W polskim biathlonie idzie ku lepszemu? Biało-Czerwoni punktują w Pucharze Świata, a może być jeszcze lepiej

Łukasz Konstanty
Natalia Sidorowicz.
Natalia Sidorowicz. Christian Einecke/Imago Sport and News/East News
Dobrze rozpoczął się sezon 2024-25 dla polskich biathlonistek. Choć za nami dopiero pięć indywidualnych konkurencji, już można stwierdzić, że niemal na pewno będzie on znacznie bardziej udany niż poprzedni.
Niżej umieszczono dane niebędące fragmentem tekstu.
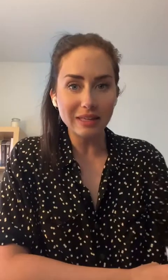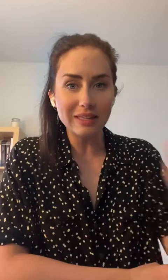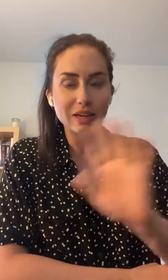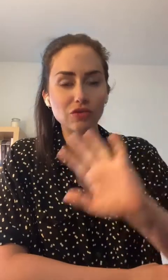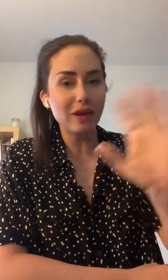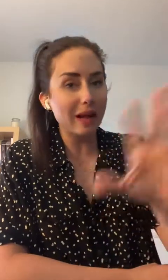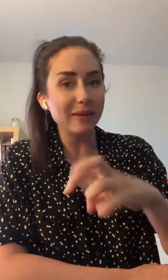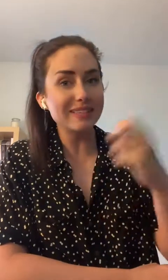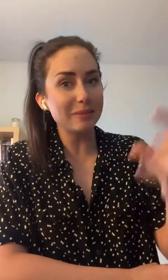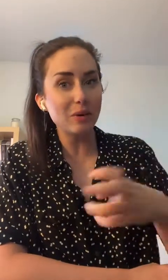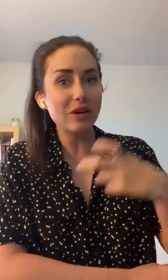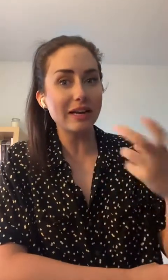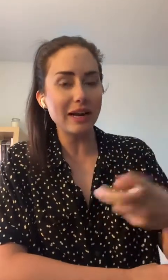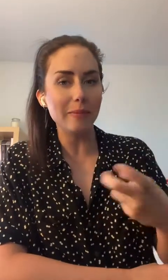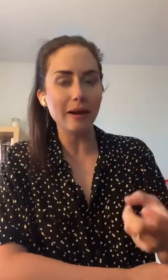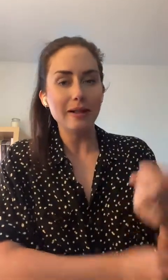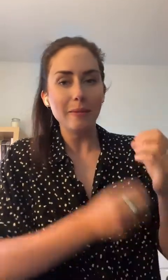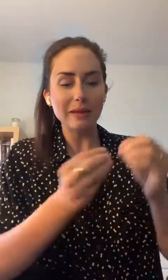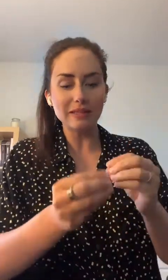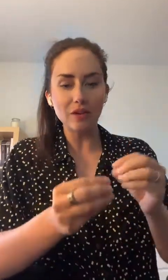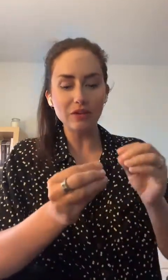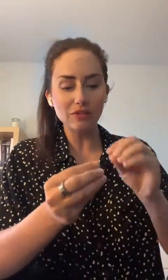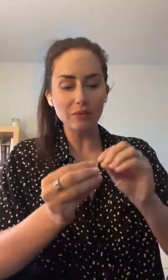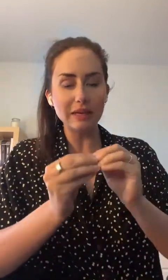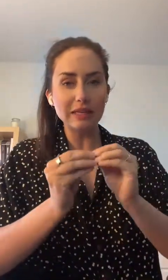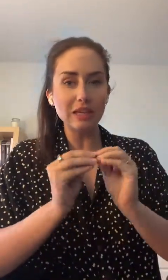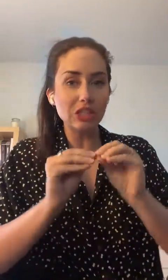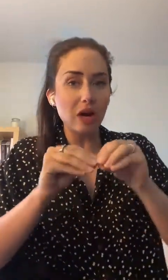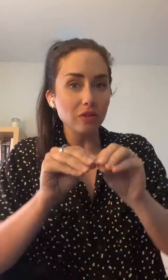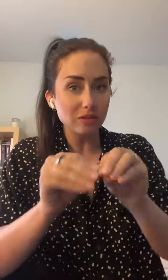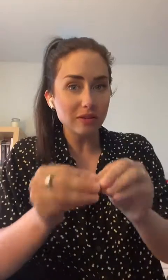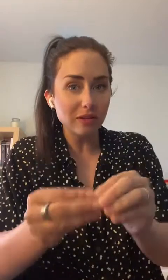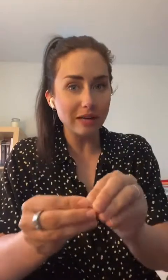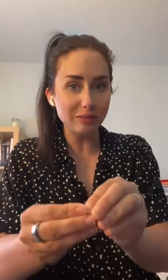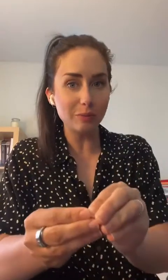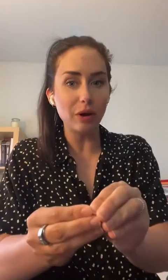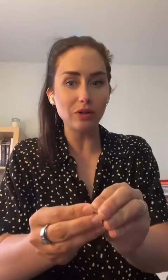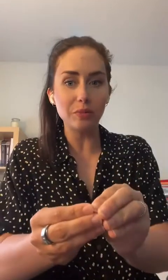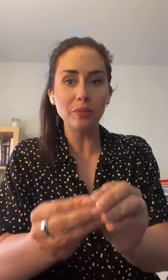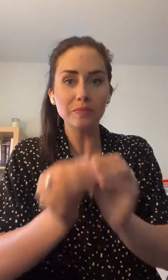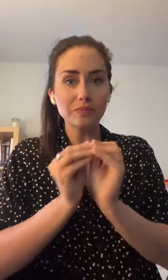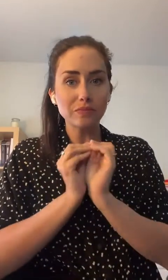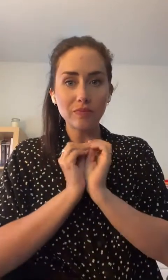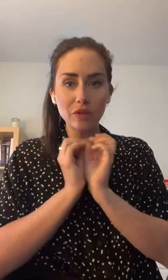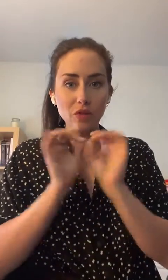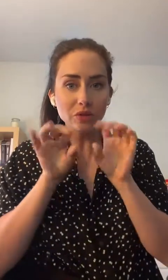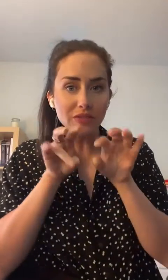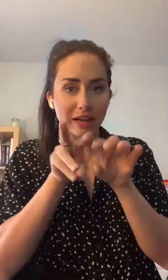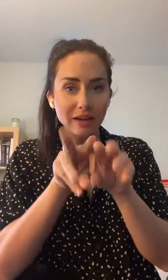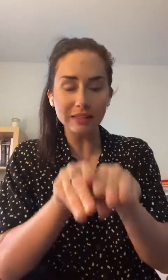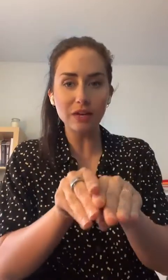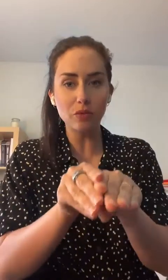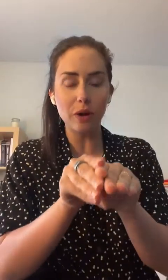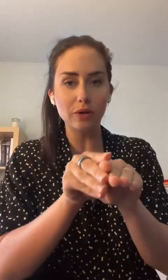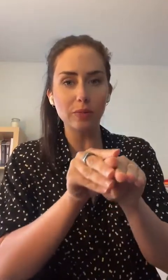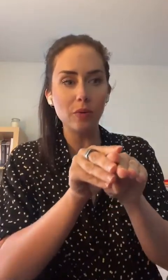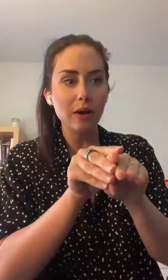maquillage, vous le ramassez pas réellement, parce qu'en fait, votre maquillage rentre dans les petits pores de peau. Donc, il vient rentrer dans vos pores de peau,

Coś pozytywnego zaczyna dziać się także wśród naszych biathlonistów.

W sezonie 2023-24 punkty Pucharu Świata zdobywały trzy nasze zawodniczki - Joanna Jakieła, Anna Mąka i Natalia Sidorowicz. Ich łączny dorobek nie rzucał jednak na kolana, w sumie uzbierało się bowiem 229 oczek w 21. konkurencjach. Najwyżej uplasowała się druga z wymienionych, która z 95 pkt. została sklasyfikowana na 45 pozycji.

Poprawione wyniki sprzed roku

W nowym mamy za sobą dopiero rywalizację w pięciu indywidualnych konkurencjach, a już na koncie Biało-Czerwonych jest niemal 75 procent zdobyczy sprzed roku. W dodatku poprawione zostały już dwa osiągnięcia, a ich autorką była Sidorowicz. Wspomniana biathlonistka zapisała już na swoim koncie 104 punkty, a jeśli nadal będzie punktować, powinna zanotować najlepszy wynik uzyskany przez jakąkolwiek naszą reprezentantkę od czterech lat. W sezonie 2020-21 Monika Hojnisz-Staręga zakończyła zmagania z 237 punktami i do niego jest jeszcze dość daleko, ale już wynik z kolejnego (153 oczka) wydaje się być tylko kwestią czasu.

Sidorowicz na inaugurację sezonu zanotowała też najlepszy w karierze występ, plasując się na czwartym miejscu w biegu indywidualnym podczas zawodów w Kontiolahti. Była to jednocześnie najwyższa lokata dla przedstawicielki naszego kraju od niemal pięciu lat.

Dużą szansę na poprawienie ubiegłorocznego wyniku ma także Jakieła, która po pięciu konkurencjach ma na koncie 43 punkty, a w całym poprzednim zgromadziła ledwie o dwadzieścia więcej. Jeśli jeszcze regularnie punktować zacznie Mąka (ma na koncie 22 pkt.), a do najlepszych występów z czasów juniorskich nawiąże Kamila Żuk, być może nie tylko będziemy cieszyć się z wyników indywidualnych, ale również świetnej postawy w sztafecie.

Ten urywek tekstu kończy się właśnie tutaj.